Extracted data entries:
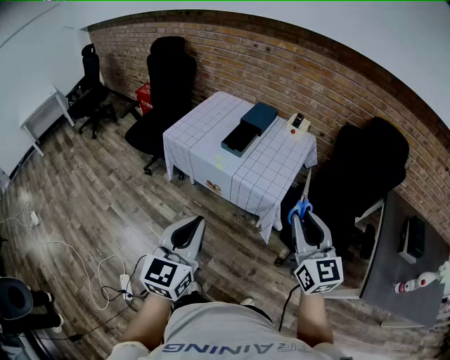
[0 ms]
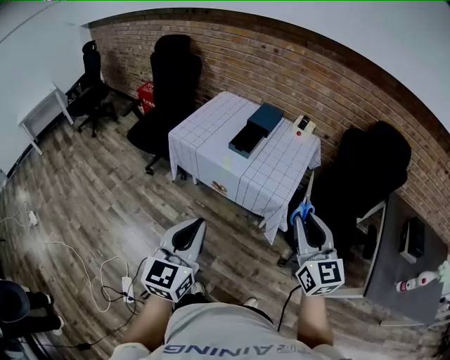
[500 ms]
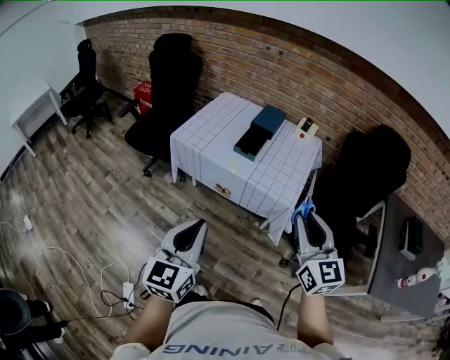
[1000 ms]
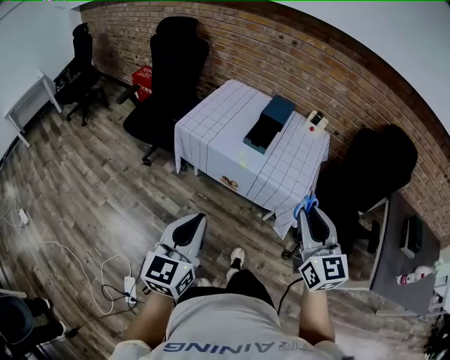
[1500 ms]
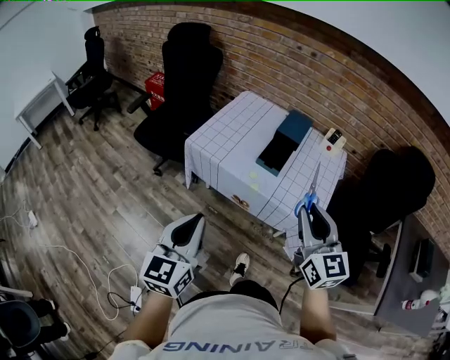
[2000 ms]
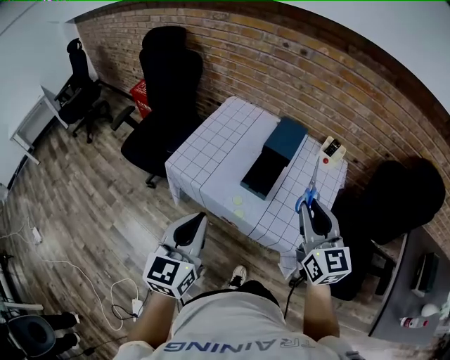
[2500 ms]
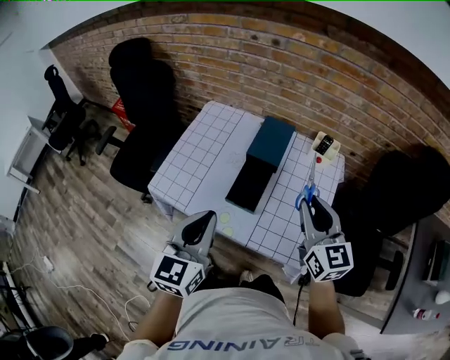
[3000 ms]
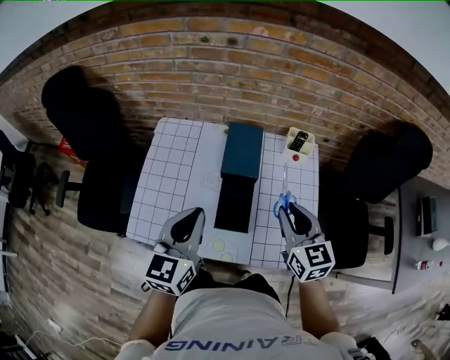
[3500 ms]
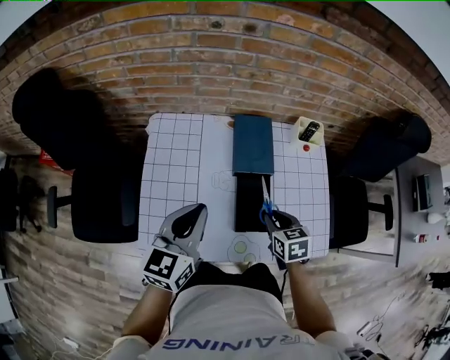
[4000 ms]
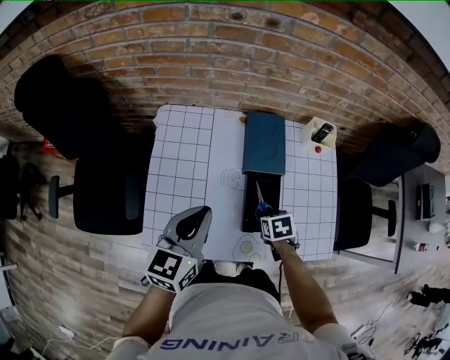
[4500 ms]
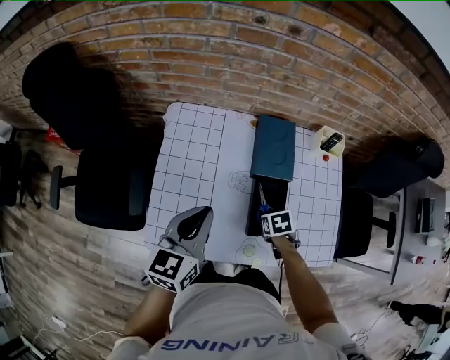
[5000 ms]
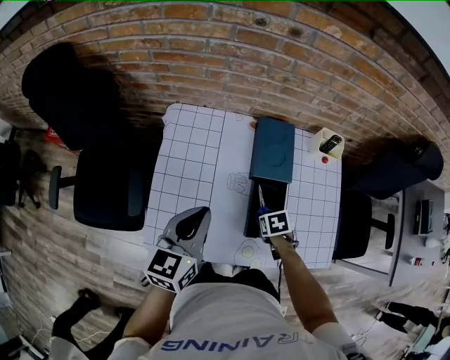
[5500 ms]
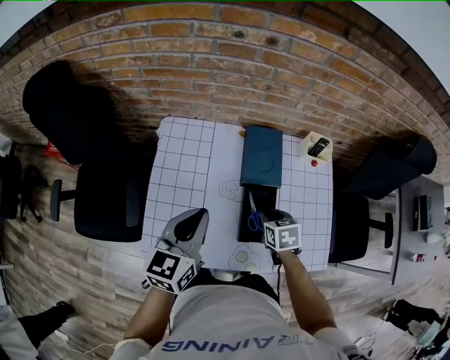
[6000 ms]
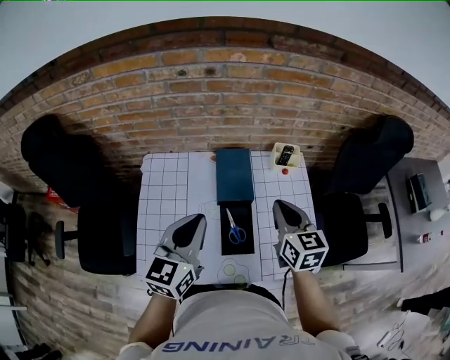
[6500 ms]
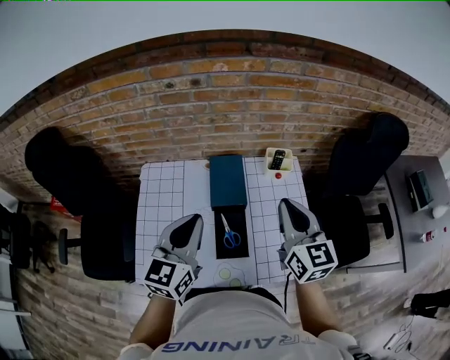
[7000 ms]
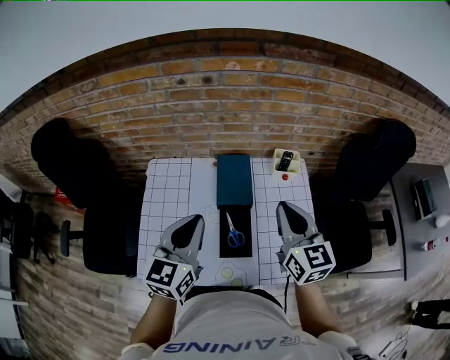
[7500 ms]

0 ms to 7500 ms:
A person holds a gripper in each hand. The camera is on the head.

_Work to be completed_
Take the records above and transcribe them exactly, dropping every picture.

_Your solution_
[0 ms]
[500 ms]
[1000 ms]
[1500 ms]
[2000 ms]
[2500 ms]
[3000 ms]
[3500 ms]
[4000 ms]
[4500 ms]
[5000 ms]
[5500 ms]
[6000 ms]
[6500 ms]
[7000 ms]
[7500 ms]

0 ms to 7500 ms:
A person holds a gripper in each hand. The camera is on the head.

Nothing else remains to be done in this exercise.